[Stored records]
-=-=-=-=-
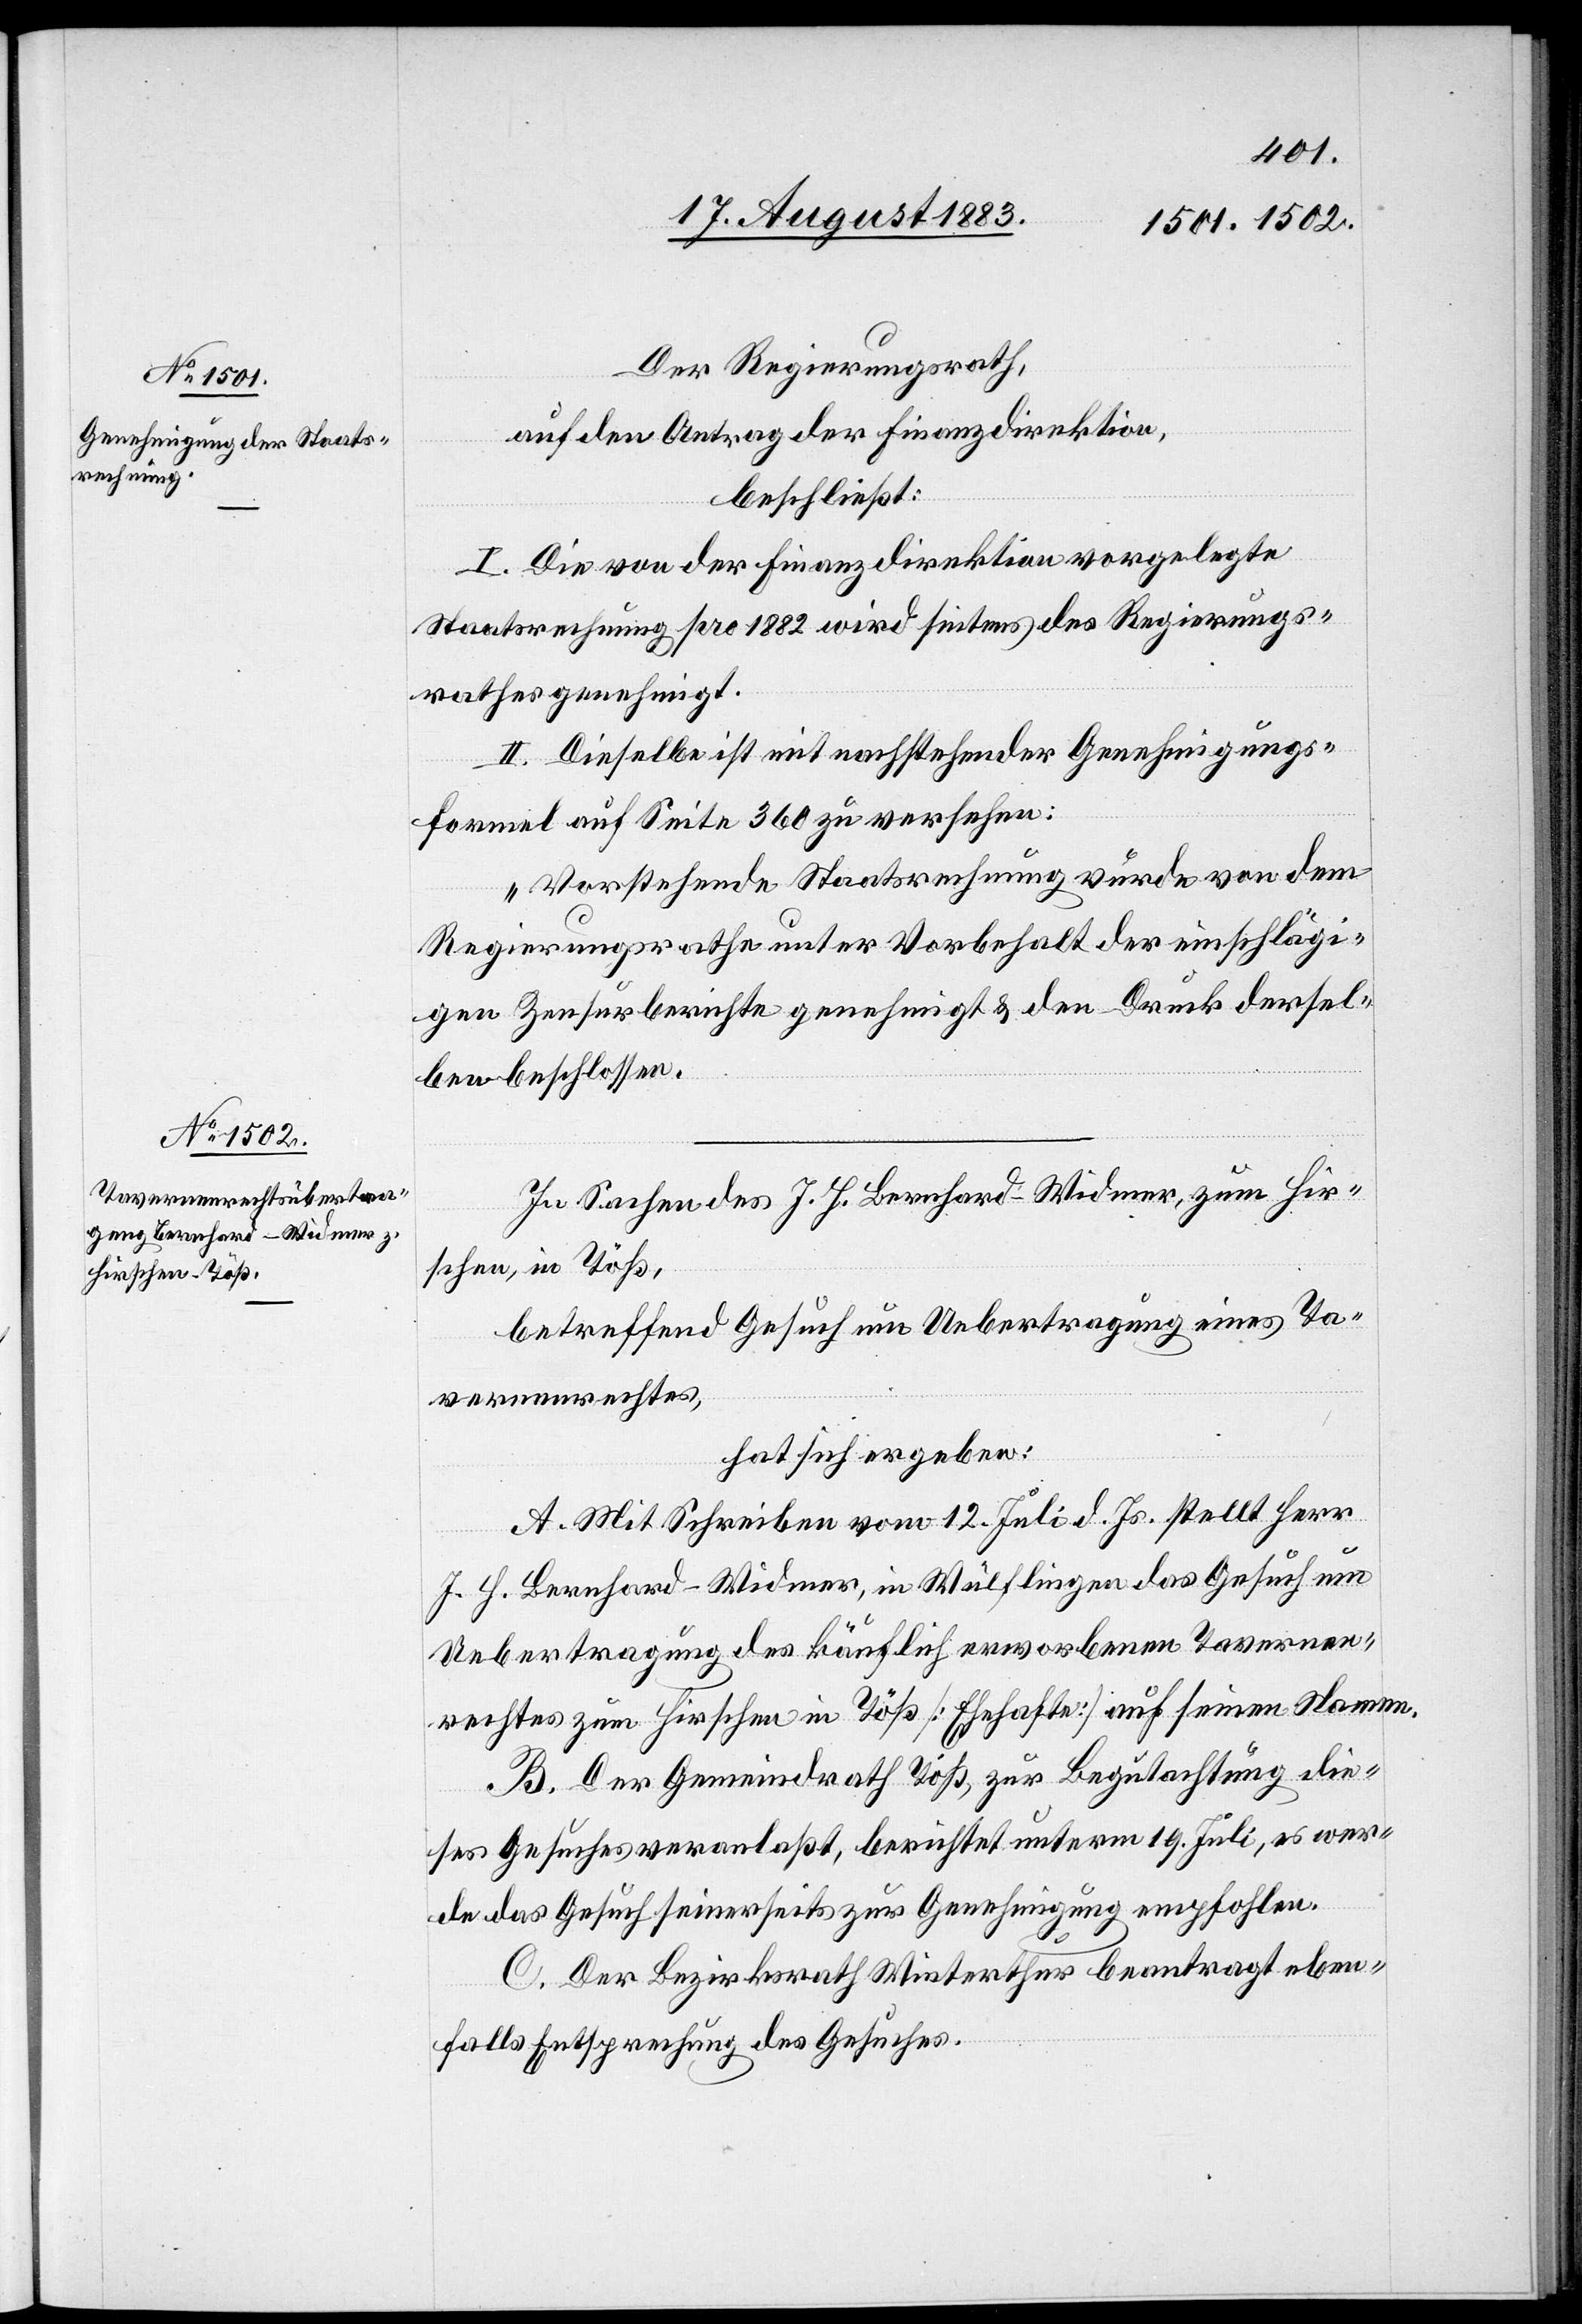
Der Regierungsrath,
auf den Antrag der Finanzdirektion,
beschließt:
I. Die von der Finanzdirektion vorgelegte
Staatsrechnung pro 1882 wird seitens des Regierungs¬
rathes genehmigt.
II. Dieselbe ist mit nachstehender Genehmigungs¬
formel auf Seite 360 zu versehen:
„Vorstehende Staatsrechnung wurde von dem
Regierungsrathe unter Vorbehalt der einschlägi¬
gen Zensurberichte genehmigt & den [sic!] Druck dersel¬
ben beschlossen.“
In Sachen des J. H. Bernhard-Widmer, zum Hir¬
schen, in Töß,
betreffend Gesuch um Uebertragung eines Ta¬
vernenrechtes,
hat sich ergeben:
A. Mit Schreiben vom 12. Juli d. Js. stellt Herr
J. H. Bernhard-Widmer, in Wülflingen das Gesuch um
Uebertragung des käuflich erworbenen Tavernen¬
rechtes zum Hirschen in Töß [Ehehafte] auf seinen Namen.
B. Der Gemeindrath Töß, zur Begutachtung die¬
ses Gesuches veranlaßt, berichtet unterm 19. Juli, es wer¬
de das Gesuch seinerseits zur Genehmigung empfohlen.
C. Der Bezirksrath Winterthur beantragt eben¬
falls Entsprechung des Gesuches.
-=-=-=-=-
*Exercise objective:*
Locate the line that contains "de das Gesuch", then please quote it and every line after it to the end of the entries above, exactly and with nothing else.

*Reply to the task:*
de das Gesuch seinerseits zur Genehmigung empfohlen.
C. Der Bezirksrath Winterthur beantragt eben¬
falls Entsprechung des Gesuches.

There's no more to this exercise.